Setup pain: medium-high, with thinner English-language documentation than the alternatives. Hardware: 8 GB VRAM. Generation ~4 seconds per sentence.
Side-by-side
| Model | Setup | Min VRAM | Speed (RTX 3060) | Best at |
|---|---|---|---|---|
| F5-TTS | Hard | 12 GB | ~4s / sentence | Peak English quality |
| XTTS v2 (RBS) | Easy (installer) | 4 GB | ~2s / sentence | Approachability + coverage |
| IndexTTS-2 | Medium | 8 GB | ~3s / sentence | Asian languages |
| Chatterbox | Easy | 4 GB | ~3s / sentence | Dev experience |
| Fish Speech V1.5 | Medium | 6 GB | ~3-4s / sentence | Multi-speaker dialogue |
| CosyVoice 2 | Medium-Hard | 8 GB | ~4s / sentence | Emotional control |
Which one should you actually pick?
If you're a creator who just wants something that works on Windows without spending an afternoon on installation, the answer is XTTS v2 via RBS Voice Cloner V2 or directly. The quality gap to F5-TTS is real but small, the install gap is enormous.
If you're a developer building voice into your own app and absolute peak quality matters more than 90 minutes of setup, F5-TTS is the answer.
If you're working primarily in Mandarin, Japanese or Korean, IndexTTS-2.
If you're producing dialogue between multiple characters, Fish Speech V1.5.
If you need explicit emotional delivery, CosyVoice 2.
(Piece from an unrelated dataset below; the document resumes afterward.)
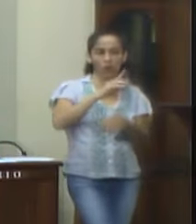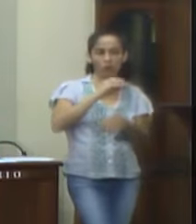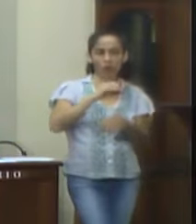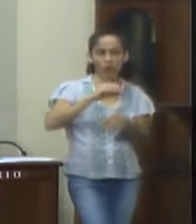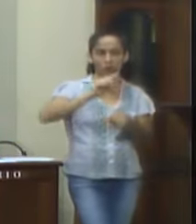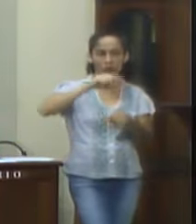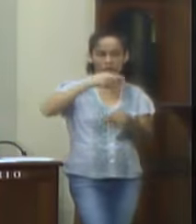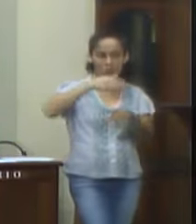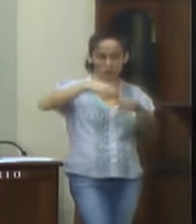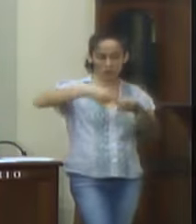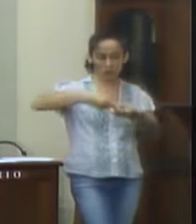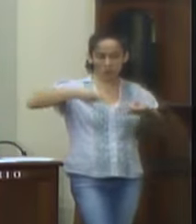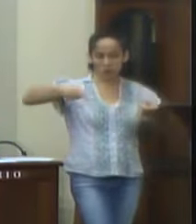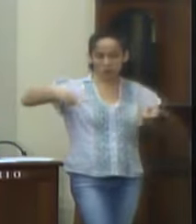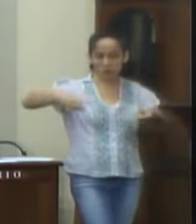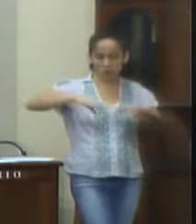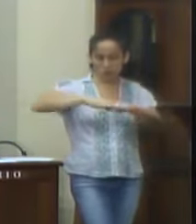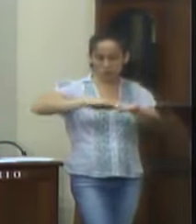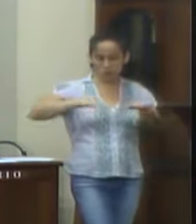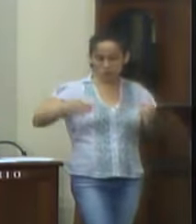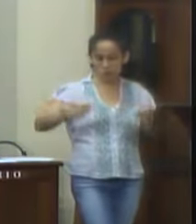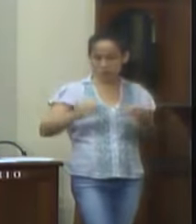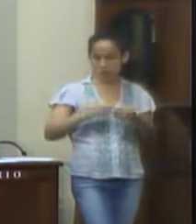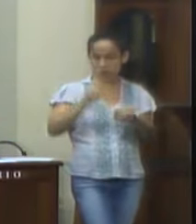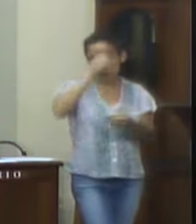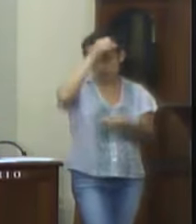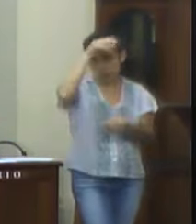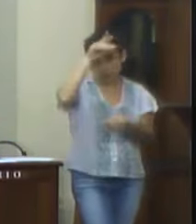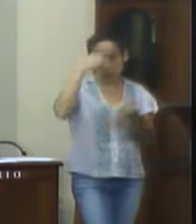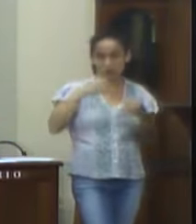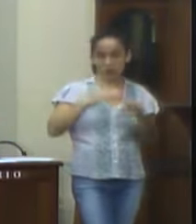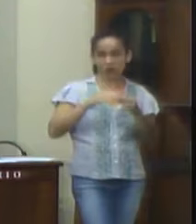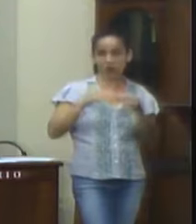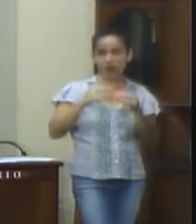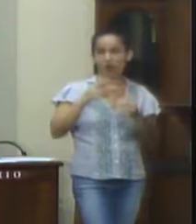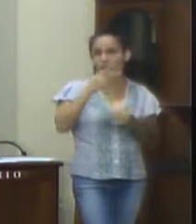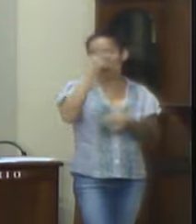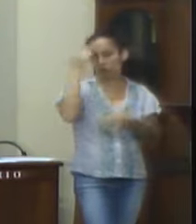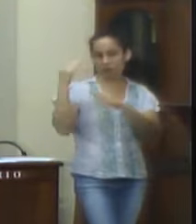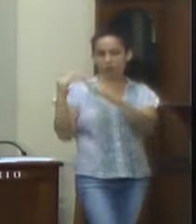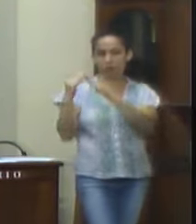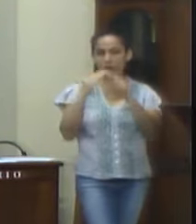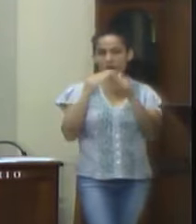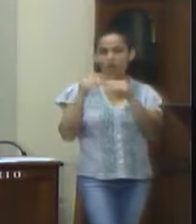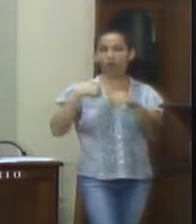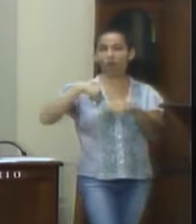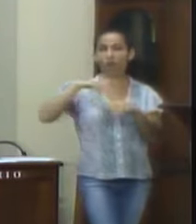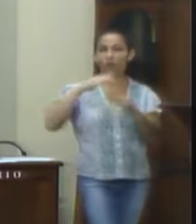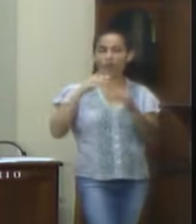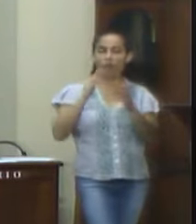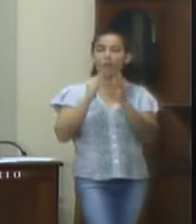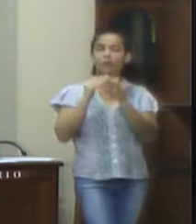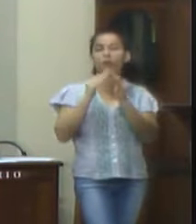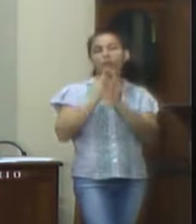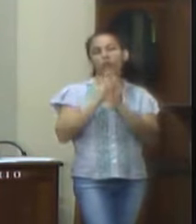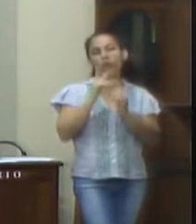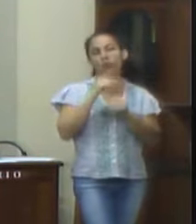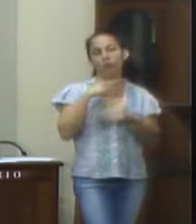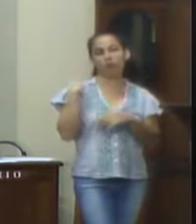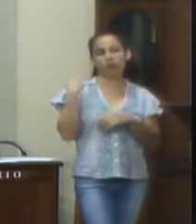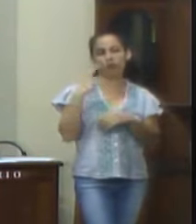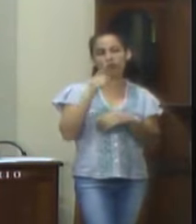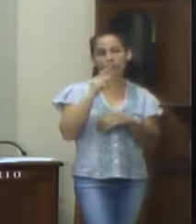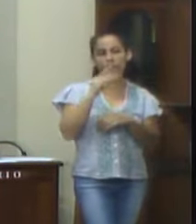de responsabilidade da Prefeitura Municipal de Valença e foi solicitado por morador que esteve em meu gabinete e nos encaminhou o pedido e as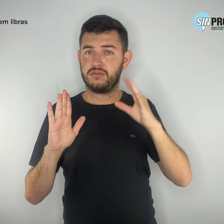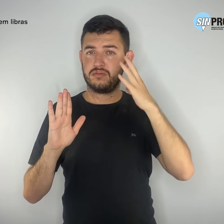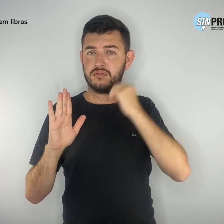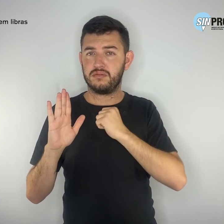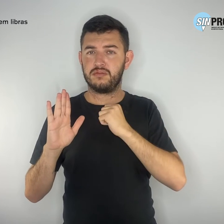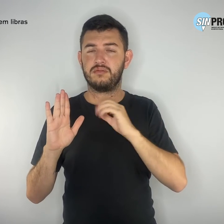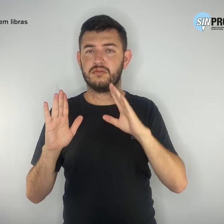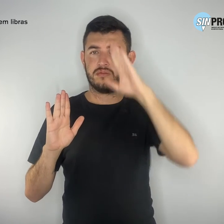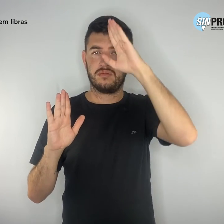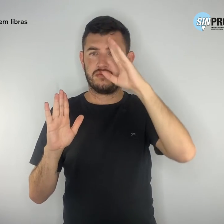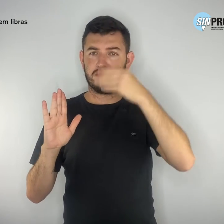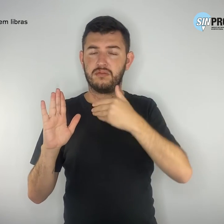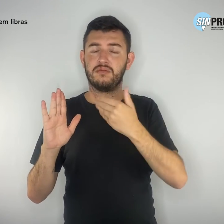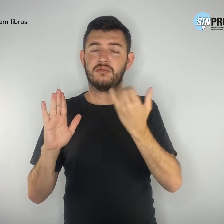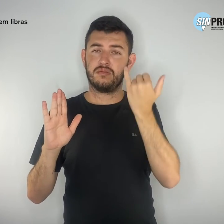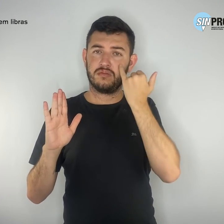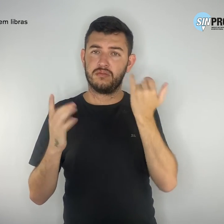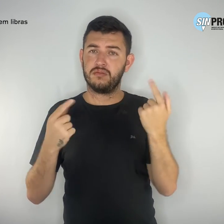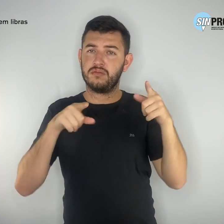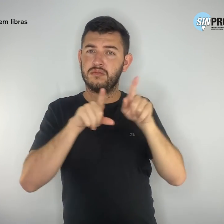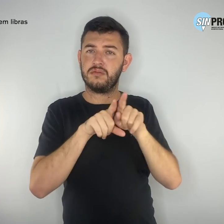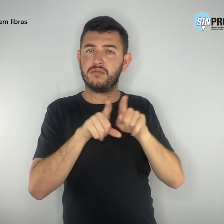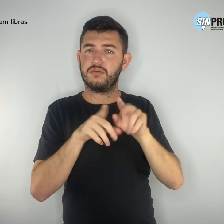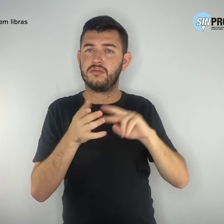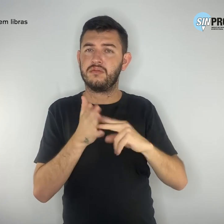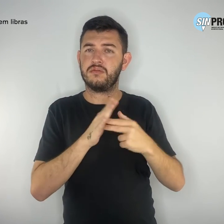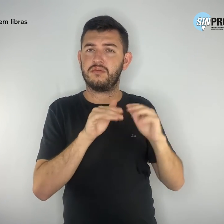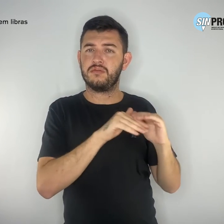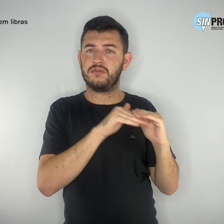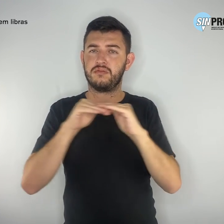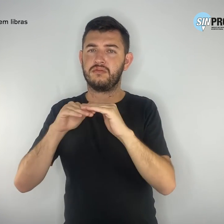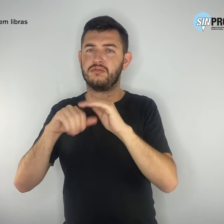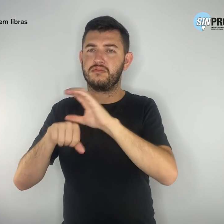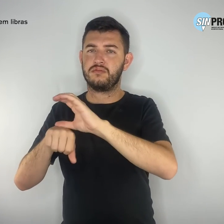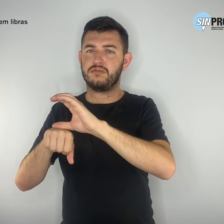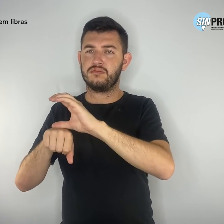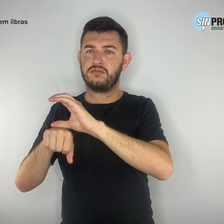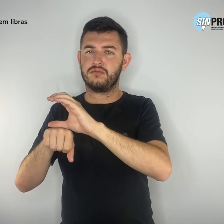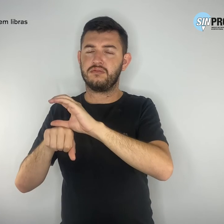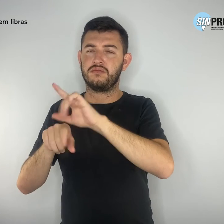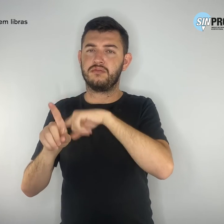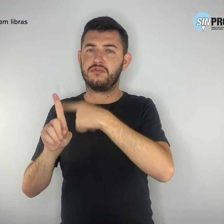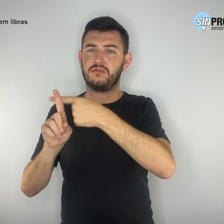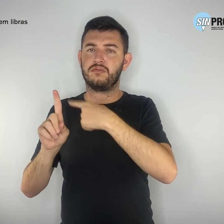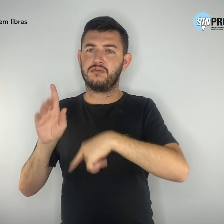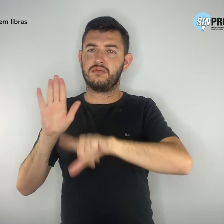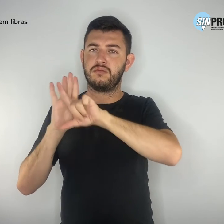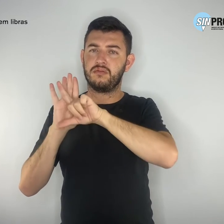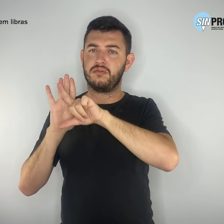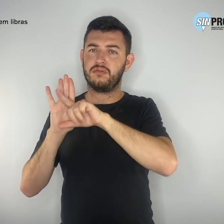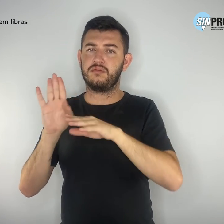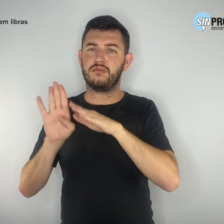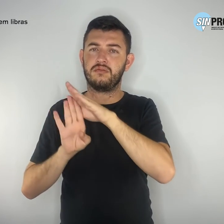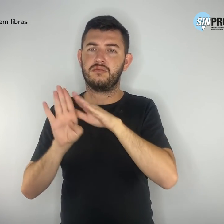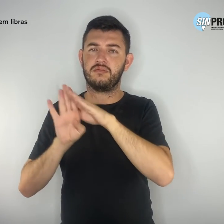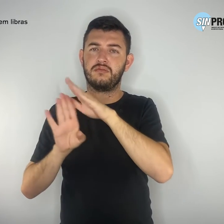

If you want the smoothest demo experience for showing AI voice cloning to a non-technical person, Chatterbox.
A note on benchmarks
Most published TTS benchmarks (MOS scores, character error rate, speaker similarity) are research metrics that don't always correlate with how the audio actually sounds to a listener. I weighted my comparison heavily toward the listening experience because that's what your audience will care about. If you want the rigorous metrics, the Hugging Face TTS Arena leaderboard is the place to look — and the rankings there match my subjective rankings reasonably well as of April 2026.